== Directions ==
Repeat the data exactly. Pictures are not part of the copy.

== Records for this task ==

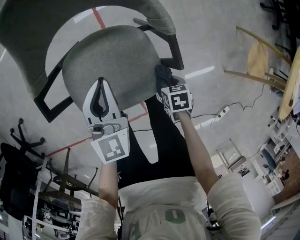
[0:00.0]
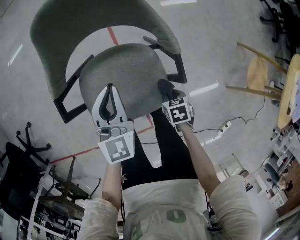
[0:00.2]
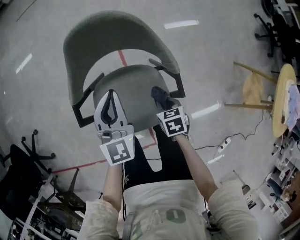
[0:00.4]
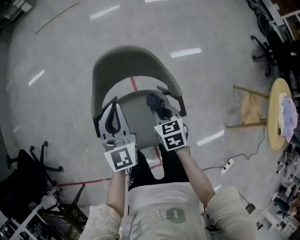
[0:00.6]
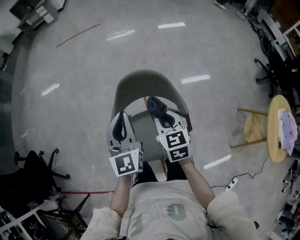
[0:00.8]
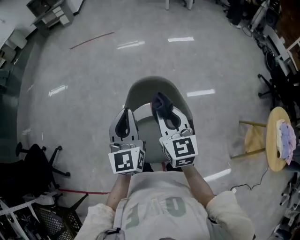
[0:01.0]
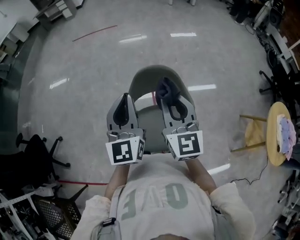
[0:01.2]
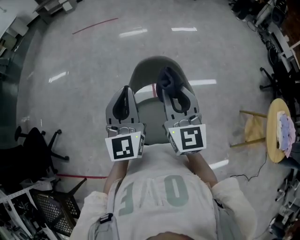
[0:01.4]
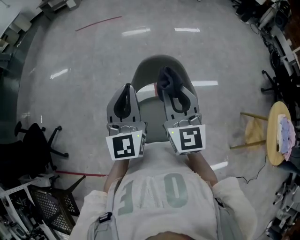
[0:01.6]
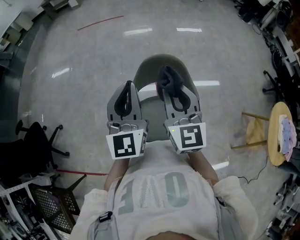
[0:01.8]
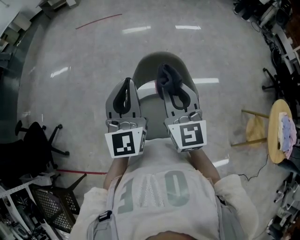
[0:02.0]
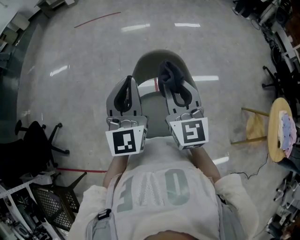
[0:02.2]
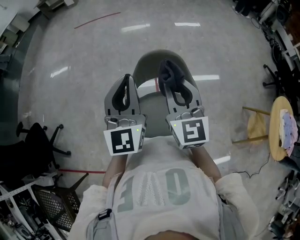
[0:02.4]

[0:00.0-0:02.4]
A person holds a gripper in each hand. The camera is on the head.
0:00.0 to 0:01.2: The right gripper travels upward by roughly 60 cm, and angles its fingers upward, by about 80 degrees; the left gripper travels upward by roughly 40 cm, and swivels about 30 degrees.
0:01.2 to 0:02.4: There are only small adjustments of the grippers.

== Solution for this task ==
[0:00.0]
[0:00.2]
[0:00.4]
[0:00.6]
[0:00.8]
[0:01.0]
[0:01.2]
[0:01.4]
[0:01.6]
[0:01.8]
[0:02.0]
[0:02.2]
[0:02.4]

[0:00.0-0:02.4]
A person holds a gripper in each hand. The camera is on the head.
0:00.0 to 0:01.2: The right gripper travels upward by roughly 60 cm, and angles its fingers upward, by about 80 degrees; the left gripper travels upward by roughly 40 cm, and swivels about 30 degrees.
0:01.2 to 0:02.4: There are only small adjustments of the grippers.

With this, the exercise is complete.